One of our participants was heard to assert that creation began 6000 years ago. During a hike up a small side-canyon, our guides pointed out a visible manifestation of the Great Unconformity, where quartz-like crystals rested directly on schist, indicating a geological gap, an erosion of evidence of a billion and a half years of change. My daughter, a trained biologist, was over the moon to have found a small rock with fossil ancestors of sea stars compressed into it before there was even a canyon at all but only layers of sediment spread out under a vast shallow sea.

 

The scientific evidence of a 13.85 billion-year unfolding from matter to cellular life to mammals with a capacity to care for their offspring seems to erase a lot of unnecessary conflict between science and religion—again a rich possible theme for a dialogue that never was. The factions in our group seemed fatally inhibited, perceiving each other as an immovable “they.”

 

Still, there were unmistakable “we” experiences.

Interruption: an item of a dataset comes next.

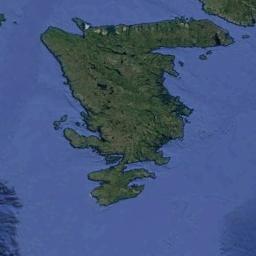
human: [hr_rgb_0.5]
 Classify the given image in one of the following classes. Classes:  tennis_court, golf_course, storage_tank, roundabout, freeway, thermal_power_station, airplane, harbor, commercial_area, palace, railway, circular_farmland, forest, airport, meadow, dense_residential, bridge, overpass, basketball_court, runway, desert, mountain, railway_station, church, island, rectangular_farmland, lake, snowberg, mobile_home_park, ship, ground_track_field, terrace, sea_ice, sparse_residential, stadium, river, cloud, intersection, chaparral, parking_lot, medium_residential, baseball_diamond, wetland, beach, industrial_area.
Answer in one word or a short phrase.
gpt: island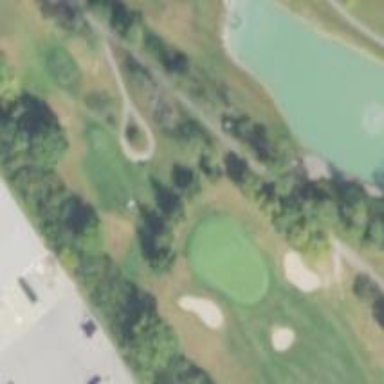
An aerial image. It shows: Path for both road and golf.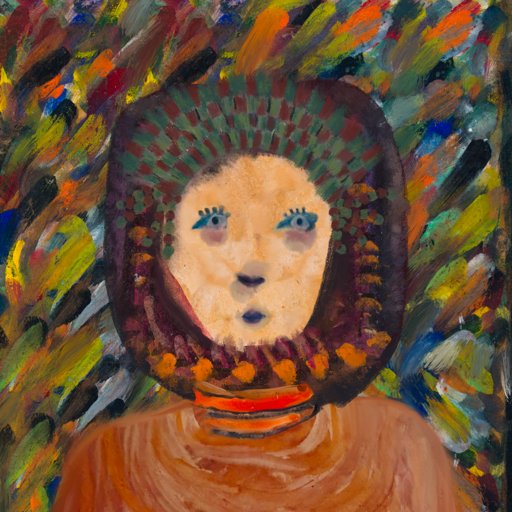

Midway down the river came one that topped even the raft-swallowing green rapids and the mile-high stepped cliffs glowing in the morning sunlight. We had stopped at yet another dry side-channel. After a short hike up through narrowing walls of smooth stone, with no advance warning, we came upon a string quartet playing Elgar! Waterproofing their instruments, the musicians had arrived safely by raft to concertize in this most wildly improbable of venues.

 

The music drew us into the larger conversation of the universe with itself: an enigmatically self-organizing system had crushed and melted and swirled titanic masses of rock, which over hundreds of millions of years sank below and rose again above great seas, leaching out elements that combined into the first forms of cellular life—life that became self-sentient and sawed down other woody forms of life to fashion cellos to play notes derived from harmonies already built into the cosmos, harmonies drawn forth into distinct combinations by the mind of Bach or Elgar, now conveyed to insect-bitten, sweaty river voyagers by these generous performers.

 

Call this unfolding creative process God or Evolution or what you will, we were in it together, regardless of the lack of a conversation that might have led to some affirmation of our group’s interdependence as citizens of one country, or at least as humans on one planet. Secession from the universe is not an option—even for Texas.